> [EXERCISE BRIEF]:
Reproduce every line in the listing that contains the word "width".

> [DATA SUPPLIED]:
========
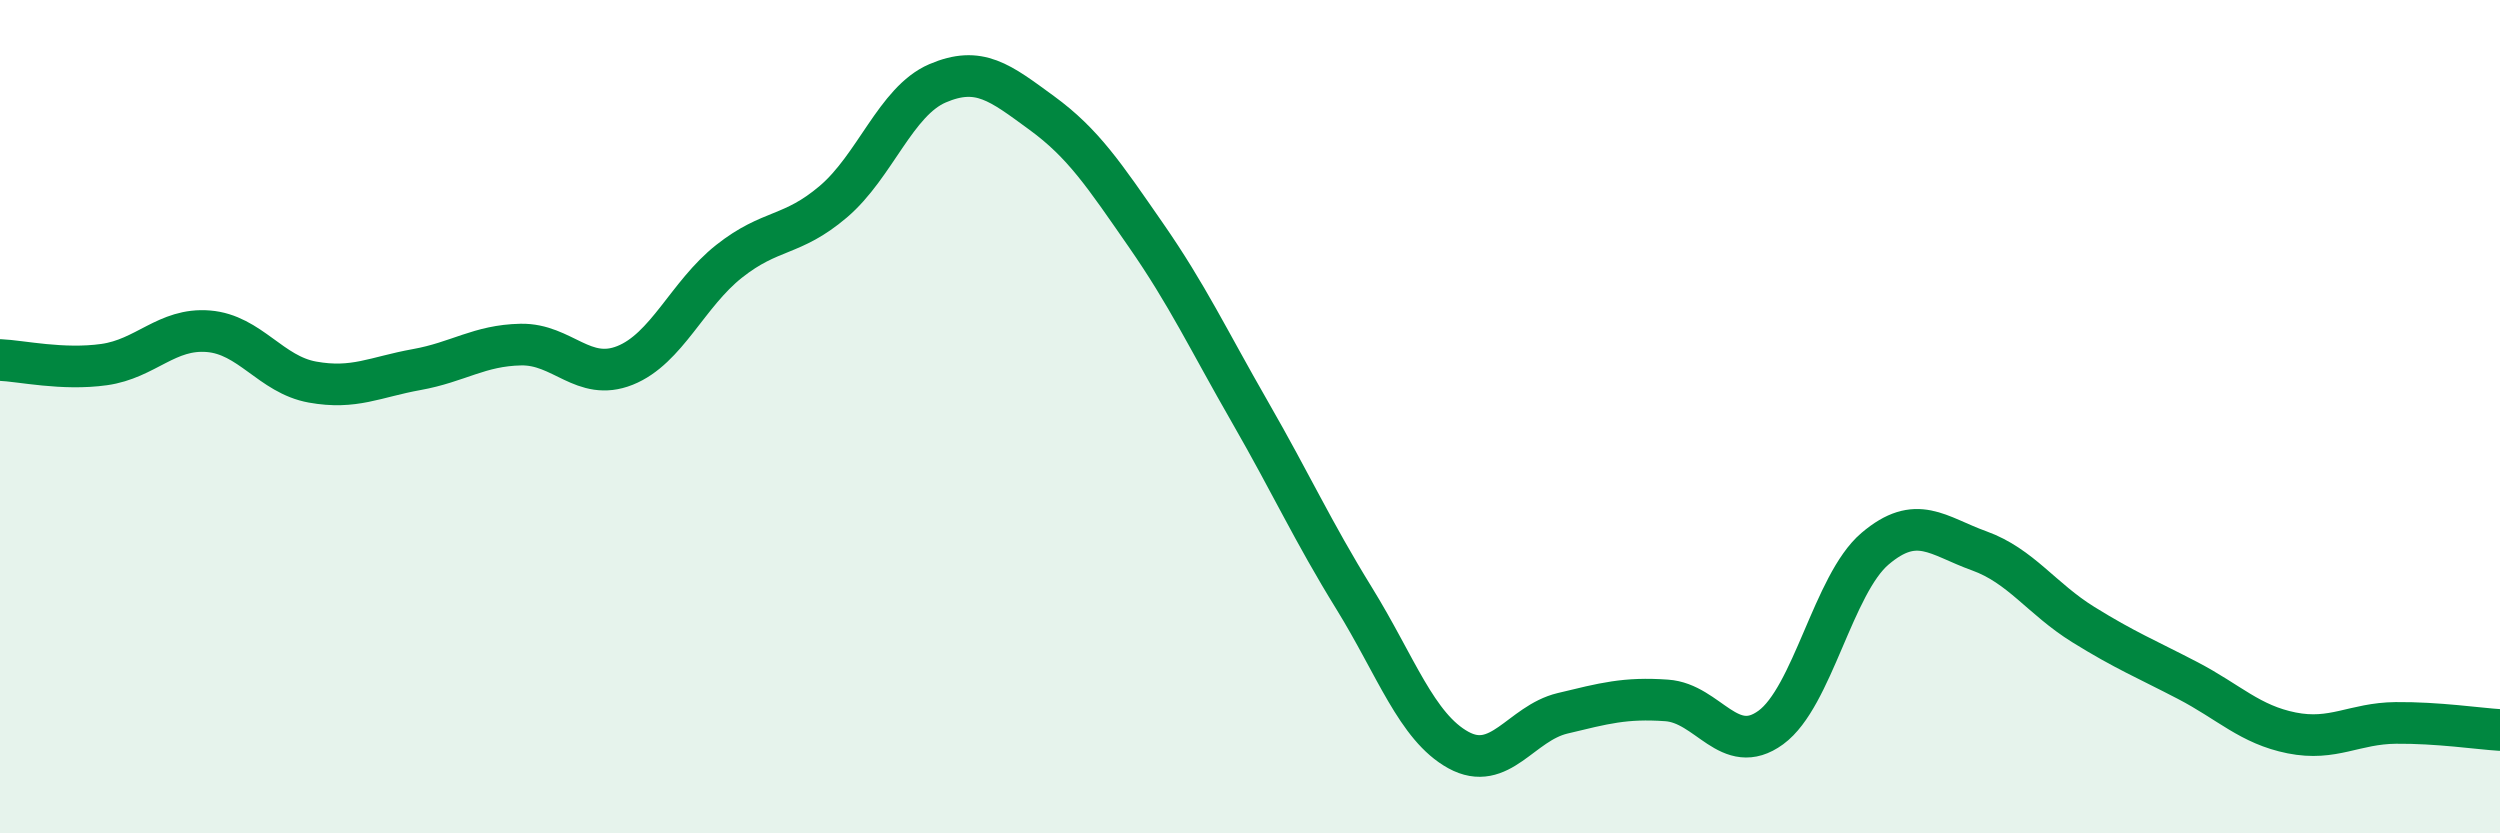 
    <svg width="60" height="20" viewBox="0 0 60 20" xmlns="http://www.w3.org/2000/svg">
      <path
        d="M 0,8.64 C 0.5,8.66 1.5,8.89 2.5,8.75 C 3.5,8.61 4,7.87 5,7.95 C 6,8.03 6.5,8.99 7.5,9.17 C 8.5,9.35 9,9.05 10,8.87 C 11,8.69 11.5,8.29 12.5,8.27 C 13.5,8.25 14,9.17 15,8.77 C 16,8.37 16.5,7.06 17.5,6.27 C 18.5,5.48 19,5.69 20,4.84 C 21,3.99 21.5,2.43 22.5,2 C 23.5,1.57 24,1.98 25,2.71 C 26,3.44 26.5,4.2 27.5,5.64 C 28.5,7.08 29,8.15 30,9.89 C 31,11.63 31.5,12.74 32.5,14.36 C 33.5,15.98 34,17.45 35,18 C 36,18.55 36.5,17.36 37.5,17.12 C 38.5,16.88 39,16.74 40,16.81 C 41,16.88 41.5,18.19 42.5,17.46 C 43.5,16.73 44,14.02 45,13.17 C 46,12.32 46.5,12.86 47.5,13.22 C 48.5,13.58 49,14.37 50,14.99 C 51,15.61 51.5,15.81 52.5,16.33 C 53.5,16.85 54,17.39 55,17.59 C 56,17.79 56.5,17.36 57.5,17.35 C 58.5,17.34 59.5,17.49 60,17.52L60 20L0 20Z"
        fill="#008740"
        opacity="0.1"
        stroke-linecap="round"
        stroke-linejoin="round"
      />
      <path
        d="M 0,8.64 C 0.5,8.66 1.5,8.89 2.5,8.75 C 3.5,8.61 4,7.87 5,7.95 C 6,8.03 6.5,8.99 7.5,9.17 C 8.5,9.35 9,9.05 10,8.87 C 11,8.69 11.5,8.29 12.5,8.27 C 13.5,8.25 14,9.17 15,8.77 C 16,8.37 16.5,7.06 17.5,6.27 C 18.5,5.48 19,5.69 20,4.84 C 21,3.99 21.5,2.43 22.5,2 C 23.5,1.57 24,1.98 25,2.71 C 26,3.44 26.5,4.2 27.5,5.64 C 28.5,7.08 29,8.15 30,9.89 C 31,11.63 31.5,12.74 32.5,14.36 C 33.5,15.98 34,17.45 35,18 C 36,18.55 36.5,17.36 37.5,17.12 C 38.5,16.88 39,16.74 40,16.81 C 41,16.88 41.5,18.19 42.5,17.46 C 43.5,16.73 44,14.02 45,13.17 C 46,12.32 46.5,12.86 47.5,13.22 C 48.5,13.58 49,14.37 50,14.99 C 51,15.61 51.5,15.81 52.5,16.33 C 53.5,16.85 54,17.39 55,17.59 C 56,17.79 56.5,17.36 57.5,17.35 C 58.5,17.34 59.5,17.49 60,17.52"
        stroke="#008740"
        stroke-width="1"
        fill="none"
        stroke-linecap="round"
        stroke-linejoin="round"
      />
    </svg>
========
> [ANSWER TO THE EXERCISE]:
    <svg width="60" height="20" viewBox="0 0 60 20" xmlns="http://www.w3.org/2000/svg">
        stroke-width="1"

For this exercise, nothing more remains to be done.